Astrologia zachodnia, mimo iż za sprawą Ptolemeusza nieznacznie nasiąknięta starożytnymi naukami Wed (sans. Nirajana), w dalszym ciągu przywiązuje nieszczególną uwagę do węzłów księżycowych (karmicznych). Drzewiej nazywane one były z łaciny Caput i Cauda Draconis („głowa” i „ciało demona”), zaś w Indiach do dnia dzisiejszego noszą miano Rahu i Ketu (sans. odpowiednio „głowa” i „ogon smoka”). Chociaż Zachód, co prawda ociężale, ale bądź co bądź otwiera się na wielowiekowy dorobek kulturowy leżący daleko poza granicami Uralu, jak dotąd wciąż nie zgłębił tajemnicy reinkarnacji, klecąc własną teorię na temat tzw. prawa karmy, opartą o interpretację kodeksu Hammurabiego. Z tym błędnym przekonaniem niniejszym postaramy się rozprawić. Ale najpierw szczypta nudnawej terminologii astronomicznej i astrologicznej.

Oba węzły, tj. północy, wstępujący (Rahu) i południowy, zstępujący (Ketu), w przeciwieństwie do ciał niebieskich nie są obiektami fizycznymi, lecz punktami przecięcia między orbitą Księżyca a płaszczyzną ekliptyki. Jak do tego przecięcia dochodzi?

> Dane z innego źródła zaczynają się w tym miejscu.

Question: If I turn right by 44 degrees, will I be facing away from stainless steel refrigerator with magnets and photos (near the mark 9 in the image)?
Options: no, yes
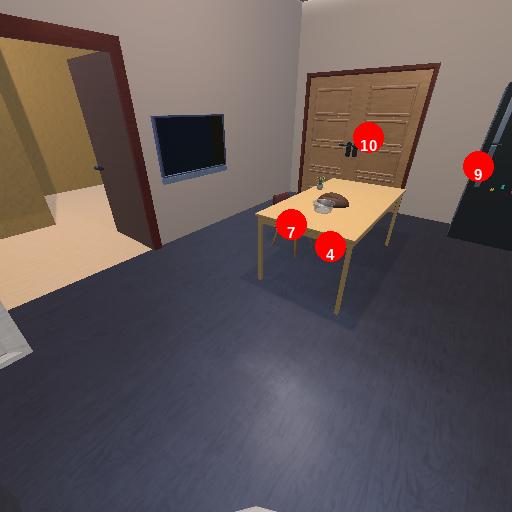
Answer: no
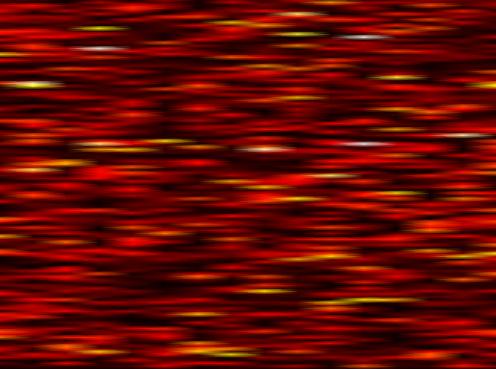
Label: FOFDM
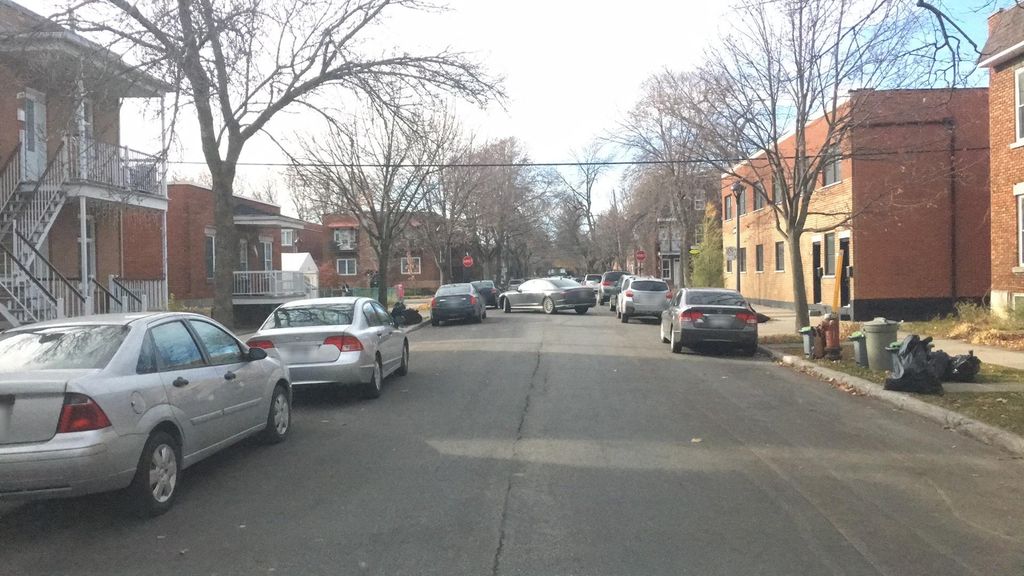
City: montreal
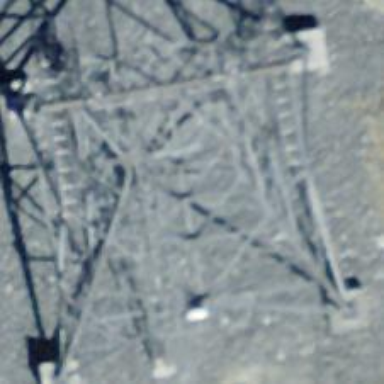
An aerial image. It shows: Pylon for aerialway.
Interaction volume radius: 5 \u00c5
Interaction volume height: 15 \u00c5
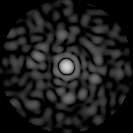
Disorder parameter: 0.8297
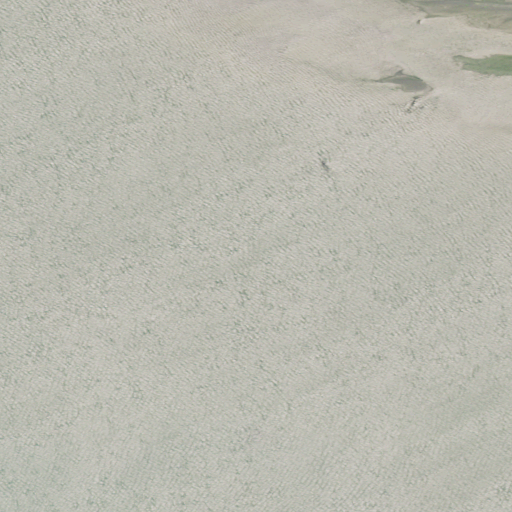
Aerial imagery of island in California named Heckman Island (historical) containing open water, herbaceous wetlands, and woody wetlands

W momencie, gdy Księżyc znajduje się w pobliżu węzła swej orbity i równocześnie w fazie bliskiej nowiu (sans. tithi amavasya) lub pełni (sans. tithi purnima), usytuowany jest on wówczas niemal dokładnie w jednej linii wraz ze Słońcem i Ziemią (sans. grahas trikona), wskutek czego dochodzi do zaćmienia Słońca lub zaćmienia Księżyca właśnie. Pełny okres między dwoma kolejnymi przejściami Księżyca przez ten sam węzeł nazywany jest „miesiącem smoczym” („drakonicznym”), wynoszącym nieco ponad 27 dni. Owa niewidzialna „sprzączka”, łącząca oba węzły, nosi nazwę linii węzłów księżycowych.

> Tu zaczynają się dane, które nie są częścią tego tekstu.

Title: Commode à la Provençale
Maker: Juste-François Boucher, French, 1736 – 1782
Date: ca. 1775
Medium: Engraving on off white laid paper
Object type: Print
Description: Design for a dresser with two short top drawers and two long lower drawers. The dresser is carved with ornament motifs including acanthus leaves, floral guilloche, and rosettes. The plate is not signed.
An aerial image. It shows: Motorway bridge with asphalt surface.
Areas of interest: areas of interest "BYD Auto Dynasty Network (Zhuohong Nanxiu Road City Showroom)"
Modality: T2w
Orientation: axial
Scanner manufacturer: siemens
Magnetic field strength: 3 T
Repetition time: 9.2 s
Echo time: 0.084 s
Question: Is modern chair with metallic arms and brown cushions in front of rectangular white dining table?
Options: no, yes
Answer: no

W wyniku oddziaływań perturbacyjnych linia węzłów księżycowych wykonuje powolny obrót wsteczny w przestrzeni ekliptycznej, trwający wedle ziemskiej rachuby czasu 18,6 lat (i tyleż lat właśnie - wedle prawideł Mahadashy - trwa okres Rahu w ciągu jednego ludzkiego żywota; dla porównania, okres Ketu wynosi lat 7).

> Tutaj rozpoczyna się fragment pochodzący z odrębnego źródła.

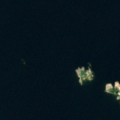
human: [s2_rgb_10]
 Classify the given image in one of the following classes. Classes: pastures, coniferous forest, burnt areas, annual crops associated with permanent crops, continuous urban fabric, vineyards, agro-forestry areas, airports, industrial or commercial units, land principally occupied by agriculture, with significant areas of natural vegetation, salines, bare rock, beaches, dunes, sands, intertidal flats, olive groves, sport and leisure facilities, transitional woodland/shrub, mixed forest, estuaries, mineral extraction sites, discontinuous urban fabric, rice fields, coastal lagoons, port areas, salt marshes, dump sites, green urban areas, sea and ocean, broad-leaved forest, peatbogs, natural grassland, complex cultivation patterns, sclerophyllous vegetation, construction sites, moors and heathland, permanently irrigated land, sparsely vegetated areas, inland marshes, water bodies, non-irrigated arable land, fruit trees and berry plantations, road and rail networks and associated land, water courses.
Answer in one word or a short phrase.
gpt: sea and ocean
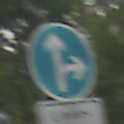
Verkehrszeichen: VorgeschriebeneFahrtrichtungGeradeausOderRechts
Zusatzzeichen unten: BesondereFahrzeugeUndTransportgueter2
Umgebung: Outdoor, Suburban
Tageszeit: MorningAfternoon
Wetter: PartlyCloudy
Licht: Natural
Jahreszeit: NotSpecified
Kontrast: LowContrast
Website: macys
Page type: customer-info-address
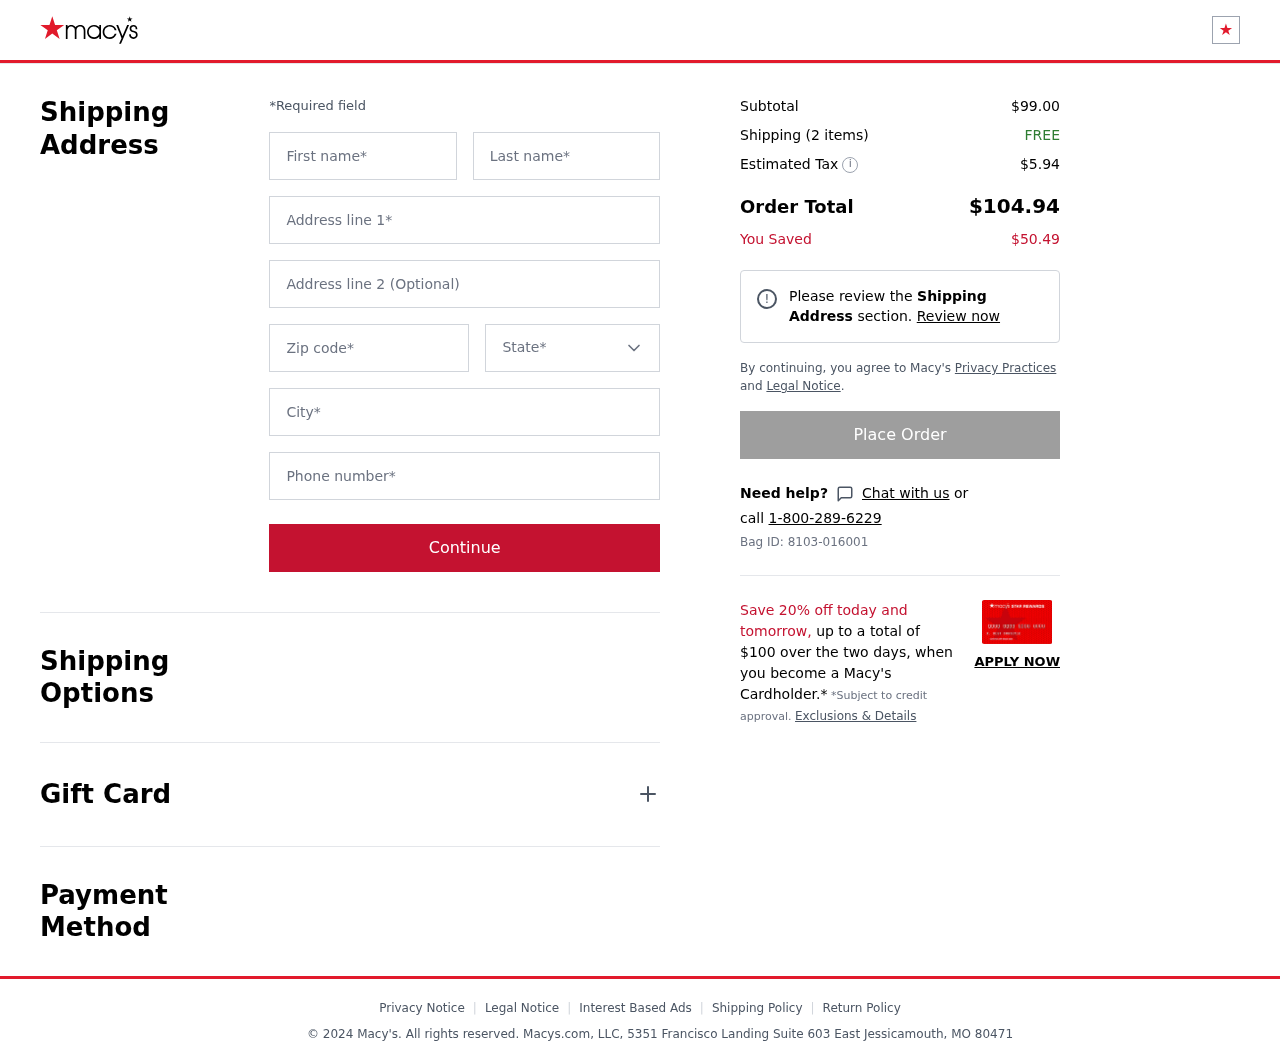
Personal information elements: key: PII_CITY
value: East Jessicamouth
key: PII_FIRSTNAME
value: Aaron
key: PII_LASTNAME
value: Hubbard
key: PII_PHONE
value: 9973529771
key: PII_POSTCODE
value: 80471
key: PII_STATE
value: Missouri
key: PII_STREET
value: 5351 Francisco Landing Suite 603
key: PII_STREET2
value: Suite 594
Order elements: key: ORDER_SUBTOTAL
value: $99.00
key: ORDER_NUM_ITEMS
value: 2
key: ORDER_SHIPPING_COST
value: FREE
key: ORDER_TAX
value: $5.94
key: ORDER_TOTAL
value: $104.94
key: ORDER_SAVINGS
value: $50.49
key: ORDER_BAG_ID
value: Bag ID: 8103-016001
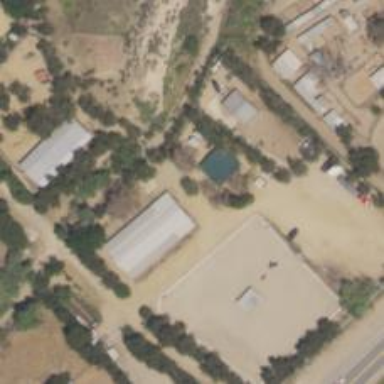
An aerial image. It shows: Animal shelter.
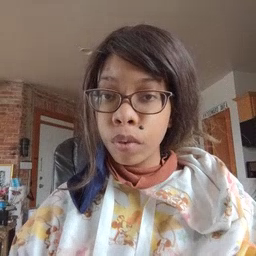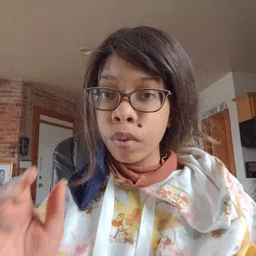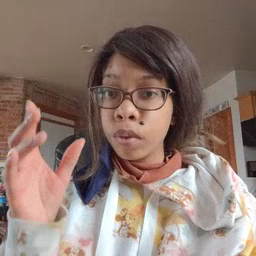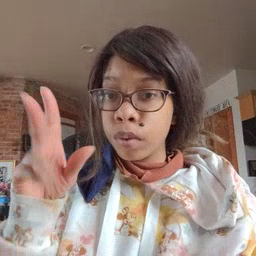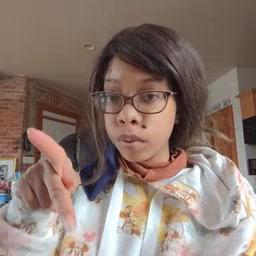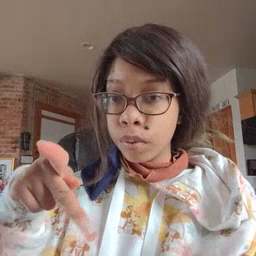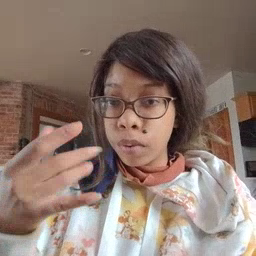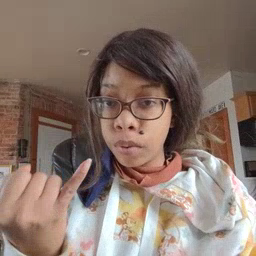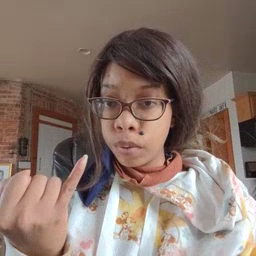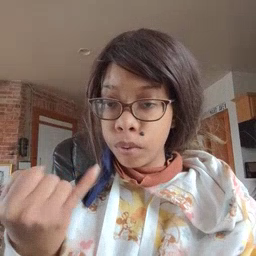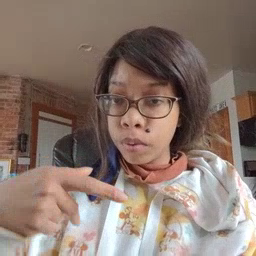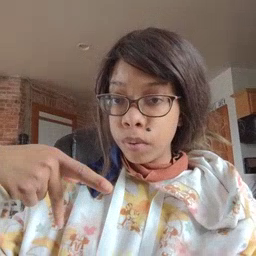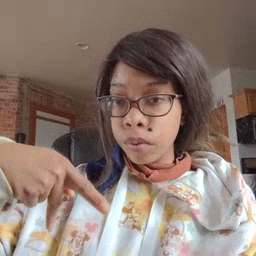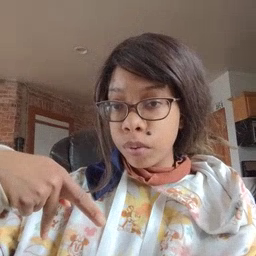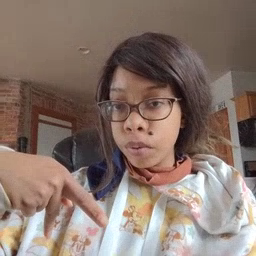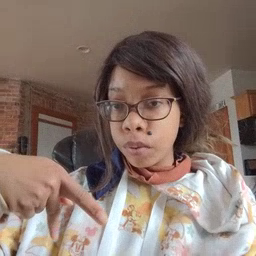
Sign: pajamas

Poniżej grafika obrazująca kosmometrię węzłów księżycowych:


Często popełnianym błędem jest utożsamianie węzłów księżycowych z pionową względem ekliptyki osią Immum -> Medium Coeli. Pojawia się zwłaszcza w przypadkach analizy kosmogramów, na tarczach których wierzchołki tejże osi stykają się z Rahu i Ketu. I chociaż cele inkarnacyjne mogą być zbieżne z drogą manifestacji duszy w konkretnych sektorach świata fizycznego, istnieją między nimi zasadnicze różnice. Przypatrzmy się im bliżej.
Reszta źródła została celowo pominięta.